What to do: Look over the entries and say how many lines include the word "lower". Only the number, please.

####

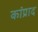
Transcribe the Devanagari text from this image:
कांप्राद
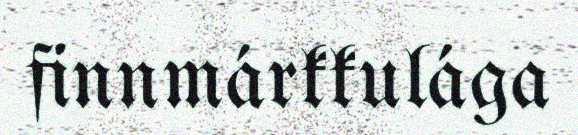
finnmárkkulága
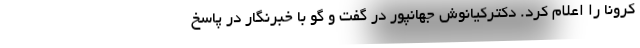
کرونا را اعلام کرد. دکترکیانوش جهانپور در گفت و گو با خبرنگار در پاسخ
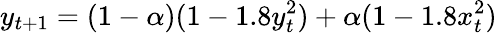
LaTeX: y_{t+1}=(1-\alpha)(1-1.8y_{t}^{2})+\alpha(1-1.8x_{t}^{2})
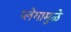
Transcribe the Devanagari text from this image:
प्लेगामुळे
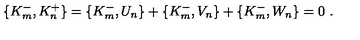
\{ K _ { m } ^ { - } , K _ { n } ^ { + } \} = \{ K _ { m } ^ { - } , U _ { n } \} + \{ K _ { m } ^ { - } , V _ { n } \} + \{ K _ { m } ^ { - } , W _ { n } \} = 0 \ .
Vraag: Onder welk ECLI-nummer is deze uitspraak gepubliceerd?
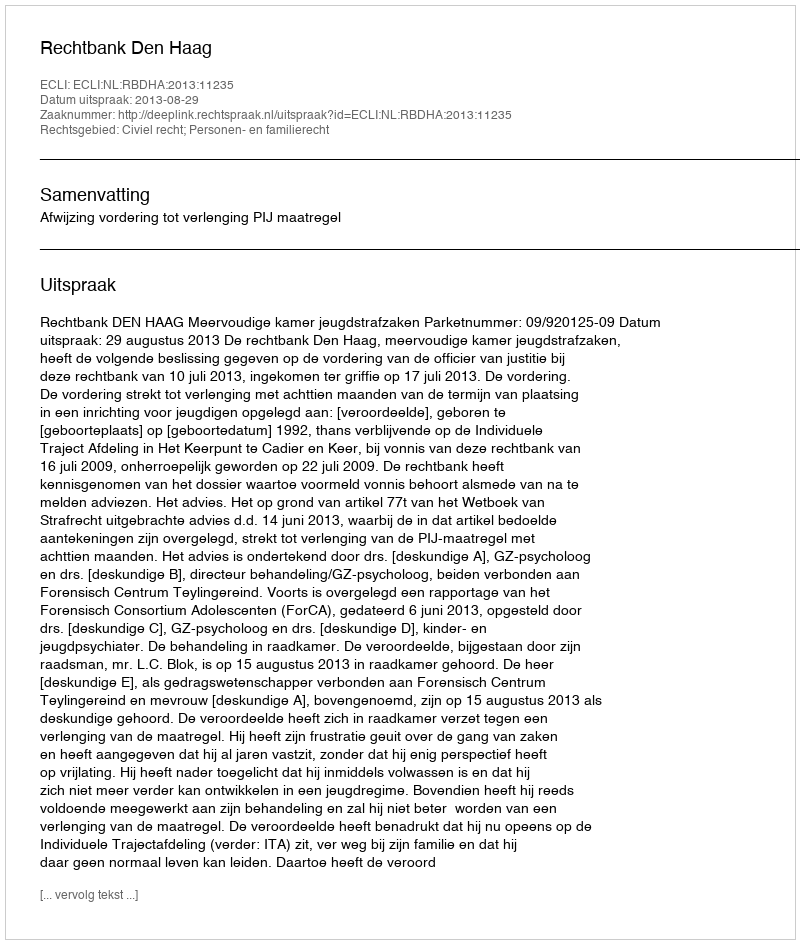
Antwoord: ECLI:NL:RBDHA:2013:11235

####

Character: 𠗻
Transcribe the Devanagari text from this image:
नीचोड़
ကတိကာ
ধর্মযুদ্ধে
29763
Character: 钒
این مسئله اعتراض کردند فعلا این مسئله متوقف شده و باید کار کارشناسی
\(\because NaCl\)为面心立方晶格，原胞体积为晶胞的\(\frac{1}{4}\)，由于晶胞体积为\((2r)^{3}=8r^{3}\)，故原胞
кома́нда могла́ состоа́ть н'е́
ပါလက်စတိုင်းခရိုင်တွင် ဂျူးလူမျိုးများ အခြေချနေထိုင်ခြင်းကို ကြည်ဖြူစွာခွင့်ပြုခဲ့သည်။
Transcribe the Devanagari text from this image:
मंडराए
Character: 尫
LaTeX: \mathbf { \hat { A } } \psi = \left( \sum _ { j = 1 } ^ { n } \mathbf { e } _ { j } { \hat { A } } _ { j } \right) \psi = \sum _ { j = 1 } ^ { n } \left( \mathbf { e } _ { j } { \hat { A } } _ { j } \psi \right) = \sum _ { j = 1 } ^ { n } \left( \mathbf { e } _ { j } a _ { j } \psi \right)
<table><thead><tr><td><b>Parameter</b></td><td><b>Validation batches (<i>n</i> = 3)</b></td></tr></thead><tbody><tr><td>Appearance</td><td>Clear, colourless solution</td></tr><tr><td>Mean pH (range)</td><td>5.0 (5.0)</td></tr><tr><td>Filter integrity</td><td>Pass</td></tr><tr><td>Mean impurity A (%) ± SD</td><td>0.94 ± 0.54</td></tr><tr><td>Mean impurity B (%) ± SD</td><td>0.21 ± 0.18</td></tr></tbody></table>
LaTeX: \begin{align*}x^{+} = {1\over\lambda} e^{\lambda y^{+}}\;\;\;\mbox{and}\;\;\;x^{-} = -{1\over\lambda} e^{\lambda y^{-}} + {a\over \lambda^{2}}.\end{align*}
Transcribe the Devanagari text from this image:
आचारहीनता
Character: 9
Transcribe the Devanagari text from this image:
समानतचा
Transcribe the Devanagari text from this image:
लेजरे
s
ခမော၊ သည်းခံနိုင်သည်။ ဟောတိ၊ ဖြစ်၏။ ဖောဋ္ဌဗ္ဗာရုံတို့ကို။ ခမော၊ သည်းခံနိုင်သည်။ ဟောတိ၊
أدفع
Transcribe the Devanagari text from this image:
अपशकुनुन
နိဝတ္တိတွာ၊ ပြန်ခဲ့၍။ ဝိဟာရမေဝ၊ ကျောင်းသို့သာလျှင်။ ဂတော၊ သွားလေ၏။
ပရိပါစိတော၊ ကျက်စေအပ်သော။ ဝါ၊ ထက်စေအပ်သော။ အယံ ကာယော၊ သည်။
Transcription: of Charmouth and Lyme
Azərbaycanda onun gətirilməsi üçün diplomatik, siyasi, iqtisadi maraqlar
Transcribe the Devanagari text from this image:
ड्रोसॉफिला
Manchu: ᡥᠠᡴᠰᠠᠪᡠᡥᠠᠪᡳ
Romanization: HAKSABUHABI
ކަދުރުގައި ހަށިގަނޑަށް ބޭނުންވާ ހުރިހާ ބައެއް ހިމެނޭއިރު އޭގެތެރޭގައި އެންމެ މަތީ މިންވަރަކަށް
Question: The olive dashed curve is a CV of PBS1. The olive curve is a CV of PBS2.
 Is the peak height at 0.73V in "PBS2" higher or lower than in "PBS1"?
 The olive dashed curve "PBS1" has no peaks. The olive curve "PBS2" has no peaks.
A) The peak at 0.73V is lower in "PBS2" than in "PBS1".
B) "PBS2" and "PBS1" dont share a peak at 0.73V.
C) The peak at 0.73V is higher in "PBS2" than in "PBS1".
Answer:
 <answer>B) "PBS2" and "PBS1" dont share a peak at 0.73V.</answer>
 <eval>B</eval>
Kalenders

####

Answer area: 2